Up until 60 seconds, it makes more sense to adjust your settings on-camera as the E-M1/E-M10’s Live Preview will show you exactly what your scene will look like on the LCD screen. However, once you pass the 60 second mark, the camera will shift to BULB mode and cease to give you a preview. This is where the remote timer becomes very useful as it allows you to choose the precise duration of your exposure beyond 60 seconds with a maximum duration of 99 hours, 59 minutes and 59 seconds when in BU (Bulb) mode. It is very unlikely you’ll ever need an exposure of that length, but it is nice to know that the remote gives you complete control over the exposure duration.
The primary function of a traditional remote timer is to activate the shutter without touching the camera, and this is the function I found the most useful for long exposures. It is simply a matter of setting the camera, and pressing down on the centre button on the remote that says HOLD as if it were the shutter button on your camera.
You can also choose to slide the button up and lock it, leaving the shutter open for as long as you desire. For this to work, the camera must be in Bulb mode. The great thing about using this remote with the E-M1 is that the camera will show you how much time has passed on-screen. When you feel that enough time has passed, simply return the button to its default position.
Qualitatively speaking, the StudioHut timer is an excellent tool for producing long exposures and time-lapses.
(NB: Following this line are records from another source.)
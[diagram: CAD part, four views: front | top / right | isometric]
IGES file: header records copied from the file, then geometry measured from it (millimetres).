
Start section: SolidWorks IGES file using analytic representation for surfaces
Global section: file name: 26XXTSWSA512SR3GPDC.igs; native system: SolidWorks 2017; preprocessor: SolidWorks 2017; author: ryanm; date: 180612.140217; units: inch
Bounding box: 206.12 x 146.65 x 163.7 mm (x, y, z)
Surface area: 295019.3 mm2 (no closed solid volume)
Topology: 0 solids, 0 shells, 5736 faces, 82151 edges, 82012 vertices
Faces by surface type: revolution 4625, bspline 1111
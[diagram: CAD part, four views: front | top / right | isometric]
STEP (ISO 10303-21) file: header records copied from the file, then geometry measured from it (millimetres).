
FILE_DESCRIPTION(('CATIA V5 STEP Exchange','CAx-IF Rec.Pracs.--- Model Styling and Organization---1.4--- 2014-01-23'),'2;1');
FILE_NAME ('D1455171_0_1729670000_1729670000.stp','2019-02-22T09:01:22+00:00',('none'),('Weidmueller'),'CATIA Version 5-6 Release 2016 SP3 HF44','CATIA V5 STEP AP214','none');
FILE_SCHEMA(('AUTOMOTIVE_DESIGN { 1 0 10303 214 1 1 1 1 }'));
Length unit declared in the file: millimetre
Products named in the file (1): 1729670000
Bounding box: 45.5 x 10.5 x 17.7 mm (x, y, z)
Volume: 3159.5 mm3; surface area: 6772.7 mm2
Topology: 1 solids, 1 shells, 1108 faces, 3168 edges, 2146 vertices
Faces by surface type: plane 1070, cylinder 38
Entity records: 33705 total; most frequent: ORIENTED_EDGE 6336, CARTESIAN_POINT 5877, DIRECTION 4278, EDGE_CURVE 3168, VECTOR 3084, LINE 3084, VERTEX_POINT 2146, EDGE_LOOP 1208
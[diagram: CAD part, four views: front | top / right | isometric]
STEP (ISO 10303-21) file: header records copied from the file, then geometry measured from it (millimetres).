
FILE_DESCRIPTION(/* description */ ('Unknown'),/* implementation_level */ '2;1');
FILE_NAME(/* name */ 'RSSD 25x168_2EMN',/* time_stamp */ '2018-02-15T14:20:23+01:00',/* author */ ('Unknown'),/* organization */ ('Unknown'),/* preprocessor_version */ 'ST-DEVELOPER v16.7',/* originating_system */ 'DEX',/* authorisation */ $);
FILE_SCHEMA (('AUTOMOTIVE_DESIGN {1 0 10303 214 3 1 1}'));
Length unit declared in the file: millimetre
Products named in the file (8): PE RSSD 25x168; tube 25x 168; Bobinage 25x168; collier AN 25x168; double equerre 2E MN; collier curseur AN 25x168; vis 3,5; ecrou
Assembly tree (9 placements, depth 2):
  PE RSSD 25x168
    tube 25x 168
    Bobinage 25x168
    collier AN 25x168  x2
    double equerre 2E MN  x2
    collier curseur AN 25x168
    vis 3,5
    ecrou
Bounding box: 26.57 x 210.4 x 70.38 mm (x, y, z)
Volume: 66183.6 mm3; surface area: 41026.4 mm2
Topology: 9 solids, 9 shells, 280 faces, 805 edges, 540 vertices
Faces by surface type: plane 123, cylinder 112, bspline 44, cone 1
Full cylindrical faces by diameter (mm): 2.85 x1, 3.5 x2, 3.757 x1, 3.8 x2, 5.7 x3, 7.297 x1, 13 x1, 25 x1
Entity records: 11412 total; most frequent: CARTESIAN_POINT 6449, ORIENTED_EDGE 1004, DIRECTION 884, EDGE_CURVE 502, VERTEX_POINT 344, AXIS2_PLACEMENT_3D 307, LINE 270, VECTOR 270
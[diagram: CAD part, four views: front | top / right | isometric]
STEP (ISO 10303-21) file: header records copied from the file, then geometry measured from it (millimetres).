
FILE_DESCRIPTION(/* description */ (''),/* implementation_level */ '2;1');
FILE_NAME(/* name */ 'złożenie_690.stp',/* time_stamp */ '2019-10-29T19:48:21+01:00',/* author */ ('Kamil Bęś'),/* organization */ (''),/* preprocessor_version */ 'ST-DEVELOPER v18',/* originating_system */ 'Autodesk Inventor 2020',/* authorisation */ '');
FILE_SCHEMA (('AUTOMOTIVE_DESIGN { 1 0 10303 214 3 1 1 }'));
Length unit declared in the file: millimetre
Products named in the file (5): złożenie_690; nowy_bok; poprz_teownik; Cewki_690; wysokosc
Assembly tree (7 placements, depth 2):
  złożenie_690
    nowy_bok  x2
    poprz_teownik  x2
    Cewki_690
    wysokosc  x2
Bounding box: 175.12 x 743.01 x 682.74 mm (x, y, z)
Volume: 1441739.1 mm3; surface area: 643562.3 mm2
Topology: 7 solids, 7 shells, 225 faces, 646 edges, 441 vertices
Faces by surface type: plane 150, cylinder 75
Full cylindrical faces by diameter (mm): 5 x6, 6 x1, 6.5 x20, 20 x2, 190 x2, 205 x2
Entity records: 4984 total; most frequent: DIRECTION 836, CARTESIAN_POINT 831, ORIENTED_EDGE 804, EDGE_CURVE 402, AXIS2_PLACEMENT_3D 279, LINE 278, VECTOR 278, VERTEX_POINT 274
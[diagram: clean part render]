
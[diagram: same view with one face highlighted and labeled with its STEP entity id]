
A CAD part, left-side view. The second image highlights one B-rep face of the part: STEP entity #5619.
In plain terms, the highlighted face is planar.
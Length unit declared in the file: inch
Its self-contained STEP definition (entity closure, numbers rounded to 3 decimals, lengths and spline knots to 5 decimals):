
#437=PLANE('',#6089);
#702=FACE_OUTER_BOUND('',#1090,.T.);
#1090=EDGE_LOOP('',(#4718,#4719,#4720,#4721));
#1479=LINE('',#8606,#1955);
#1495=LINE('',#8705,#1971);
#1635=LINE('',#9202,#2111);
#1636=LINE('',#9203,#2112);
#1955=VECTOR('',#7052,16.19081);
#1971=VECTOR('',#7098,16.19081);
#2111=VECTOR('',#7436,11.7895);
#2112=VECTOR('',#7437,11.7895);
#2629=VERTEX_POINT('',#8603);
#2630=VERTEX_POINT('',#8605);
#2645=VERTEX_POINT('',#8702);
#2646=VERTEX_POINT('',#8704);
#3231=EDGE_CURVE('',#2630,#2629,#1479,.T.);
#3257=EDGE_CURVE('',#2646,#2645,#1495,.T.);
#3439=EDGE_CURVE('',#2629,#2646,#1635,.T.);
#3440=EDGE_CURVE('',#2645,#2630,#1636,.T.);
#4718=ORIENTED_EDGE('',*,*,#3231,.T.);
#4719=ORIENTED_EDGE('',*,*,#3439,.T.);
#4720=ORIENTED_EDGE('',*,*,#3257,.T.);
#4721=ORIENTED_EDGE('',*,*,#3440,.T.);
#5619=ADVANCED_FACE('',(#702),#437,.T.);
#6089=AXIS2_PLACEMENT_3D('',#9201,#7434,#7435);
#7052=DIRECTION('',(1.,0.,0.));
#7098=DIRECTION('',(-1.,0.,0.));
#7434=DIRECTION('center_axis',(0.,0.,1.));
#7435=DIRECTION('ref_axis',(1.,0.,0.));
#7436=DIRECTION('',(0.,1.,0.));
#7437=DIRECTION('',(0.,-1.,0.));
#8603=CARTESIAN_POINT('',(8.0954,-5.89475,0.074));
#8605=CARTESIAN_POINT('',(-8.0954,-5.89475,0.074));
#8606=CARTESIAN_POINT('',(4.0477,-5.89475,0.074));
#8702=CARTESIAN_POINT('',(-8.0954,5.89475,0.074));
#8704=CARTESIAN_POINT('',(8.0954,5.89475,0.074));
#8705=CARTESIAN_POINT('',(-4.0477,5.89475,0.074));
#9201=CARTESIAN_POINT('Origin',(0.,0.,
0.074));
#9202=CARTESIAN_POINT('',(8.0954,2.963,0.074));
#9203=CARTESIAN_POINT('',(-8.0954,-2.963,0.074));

It is far more advanced than the average remote produced by the various camera brands, and has proven reliable out in the field.
However, one point we must bring up, which is completely unrelated to the quality of the product itself, is the overall relevancy of shutter release remotes in this day in age. Many modern day mirrorless cameras such as the OM-D E-M1 and E-M10 are already abundant in features, including built-in time-lapse modes that actually create a time-lapse in-camera, live composite and more, rendering many of the features of the remote redundant.
Not only, but recent smartphone apps such as the OLYMPUS Image Share app already include many wireless settings that control exposure, and these are just the first generation of apps being released.
This said, the battery of your smartphone will run out far before the two AAA batteries used in the remote. The last thing a landscape photographer wants is to find him or herself with a dead phone, so it is far better to have a remote for long excursions, especially if you plan on photographing in a remote area where a phone may become a necessity.
Would I recommend the StudioHut remote to photographers interested in long exposure and time-lapse photography?
Yes, but only if you believe that a remote is an essential part of your workflow. This most likely means that you are an active landscape photographer who often shoots time-lapse videos and very long exposures with multiple ND filters. The truth is that, on a camera like the E-M1 or E-M10, nearly everything the timer does can be done on-camera just as efficiently. The real advantage is for long exposures, where a remote timer will eliminate camera shake caused by human contact, and allow you to set a precise exposure beyond the 60 second limit. Moreover, it has a better battery life than any of today’s smartphones. Since this remote and the official remotes produced by camera brands cost around the same price, it is a good idea to go with the StudioHut timer remote and reap the benefits of the other features it provides.